(Stored data)
= = = =

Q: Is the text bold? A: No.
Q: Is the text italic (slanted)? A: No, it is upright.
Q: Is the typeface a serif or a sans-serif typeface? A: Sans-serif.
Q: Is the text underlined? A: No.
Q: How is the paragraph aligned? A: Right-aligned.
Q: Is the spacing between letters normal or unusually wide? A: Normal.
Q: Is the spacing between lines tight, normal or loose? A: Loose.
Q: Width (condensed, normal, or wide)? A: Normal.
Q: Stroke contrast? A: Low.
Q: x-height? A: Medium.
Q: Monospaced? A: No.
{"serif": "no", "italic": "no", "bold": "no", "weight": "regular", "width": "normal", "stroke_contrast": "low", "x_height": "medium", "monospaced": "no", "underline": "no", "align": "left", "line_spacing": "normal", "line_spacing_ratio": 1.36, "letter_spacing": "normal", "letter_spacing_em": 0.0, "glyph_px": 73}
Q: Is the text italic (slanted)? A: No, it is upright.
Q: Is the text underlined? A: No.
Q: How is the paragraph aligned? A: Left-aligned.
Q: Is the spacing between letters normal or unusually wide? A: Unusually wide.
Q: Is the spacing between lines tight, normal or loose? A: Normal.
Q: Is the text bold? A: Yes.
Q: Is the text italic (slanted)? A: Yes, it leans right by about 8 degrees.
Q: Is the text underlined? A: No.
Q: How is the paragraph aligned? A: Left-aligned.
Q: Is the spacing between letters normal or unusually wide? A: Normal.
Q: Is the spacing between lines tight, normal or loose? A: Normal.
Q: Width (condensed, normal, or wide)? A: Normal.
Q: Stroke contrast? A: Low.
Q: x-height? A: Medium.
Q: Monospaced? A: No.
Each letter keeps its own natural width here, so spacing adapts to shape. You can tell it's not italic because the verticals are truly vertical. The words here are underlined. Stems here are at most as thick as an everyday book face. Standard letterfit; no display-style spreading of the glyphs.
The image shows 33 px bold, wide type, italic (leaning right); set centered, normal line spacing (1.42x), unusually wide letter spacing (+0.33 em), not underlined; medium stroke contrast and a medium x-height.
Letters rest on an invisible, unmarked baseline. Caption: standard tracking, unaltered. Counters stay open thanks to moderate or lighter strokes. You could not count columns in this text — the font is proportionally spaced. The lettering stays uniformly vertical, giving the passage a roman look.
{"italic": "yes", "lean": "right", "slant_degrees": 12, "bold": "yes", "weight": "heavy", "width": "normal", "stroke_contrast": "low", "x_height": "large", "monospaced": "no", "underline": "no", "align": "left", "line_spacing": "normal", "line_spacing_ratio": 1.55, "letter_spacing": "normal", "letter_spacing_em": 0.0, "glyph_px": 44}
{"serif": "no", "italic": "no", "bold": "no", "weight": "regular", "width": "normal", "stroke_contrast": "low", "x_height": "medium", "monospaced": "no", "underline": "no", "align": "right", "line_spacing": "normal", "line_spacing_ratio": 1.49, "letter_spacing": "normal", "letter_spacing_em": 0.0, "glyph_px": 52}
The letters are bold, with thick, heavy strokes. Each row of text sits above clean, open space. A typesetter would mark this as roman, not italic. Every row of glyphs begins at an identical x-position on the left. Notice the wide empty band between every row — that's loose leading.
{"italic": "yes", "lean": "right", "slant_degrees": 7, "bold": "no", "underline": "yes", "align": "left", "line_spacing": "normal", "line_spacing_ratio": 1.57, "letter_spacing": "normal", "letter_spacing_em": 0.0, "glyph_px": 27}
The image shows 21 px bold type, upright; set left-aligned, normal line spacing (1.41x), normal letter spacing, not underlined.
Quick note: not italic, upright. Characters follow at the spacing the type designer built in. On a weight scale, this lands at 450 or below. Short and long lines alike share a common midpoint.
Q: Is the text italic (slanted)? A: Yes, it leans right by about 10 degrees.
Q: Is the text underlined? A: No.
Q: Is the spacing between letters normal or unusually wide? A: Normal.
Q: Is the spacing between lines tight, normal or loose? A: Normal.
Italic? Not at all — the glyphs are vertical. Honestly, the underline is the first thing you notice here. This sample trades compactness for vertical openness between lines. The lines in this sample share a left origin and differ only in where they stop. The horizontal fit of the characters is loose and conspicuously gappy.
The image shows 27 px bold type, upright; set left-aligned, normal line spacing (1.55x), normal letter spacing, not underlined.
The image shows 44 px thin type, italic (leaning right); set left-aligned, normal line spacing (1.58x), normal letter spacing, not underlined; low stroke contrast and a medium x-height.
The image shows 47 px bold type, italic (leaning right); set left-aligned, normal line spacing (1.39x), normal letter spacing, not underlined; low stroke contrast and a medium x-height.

= = = =

TASK PROMPT:
Every line above that holds the string "this" should be copied out.

ANSWER TO THE EXERCISE:
Letters rest on an invisible, unmarked baseline. Caption: standard tracking, unaltered. Counters stay open thanks to moderate or lighter strokes. You could not count columns in this text — the font is proportionally spaced. The lettering stays uniformly vertical, giving the passage a roman look.
The letters are bold, with thick, heavy strokes. Each row of text sits above clean, open space. A typesetter would mark this as roman, not italic. Every row of glyphs begins at an identical x-position on the left. Notice the wide empty band between every row — that's loose leading.
Quick note: not italic, upright. Characters follow at the spacing the type designer built in. On a weight scale, this lands at 450 or below. Short and long lines alike share a common midpoint.
Italic? Not at all — the glyphs are vertical. Honestly, the underline is the first thing you notice here. This sample trades compactness for vertical openness between lines. The lines in this sample share a left origin and differ only in where they stop. The horizontal fit of the characters is loose and conspicuously gappy.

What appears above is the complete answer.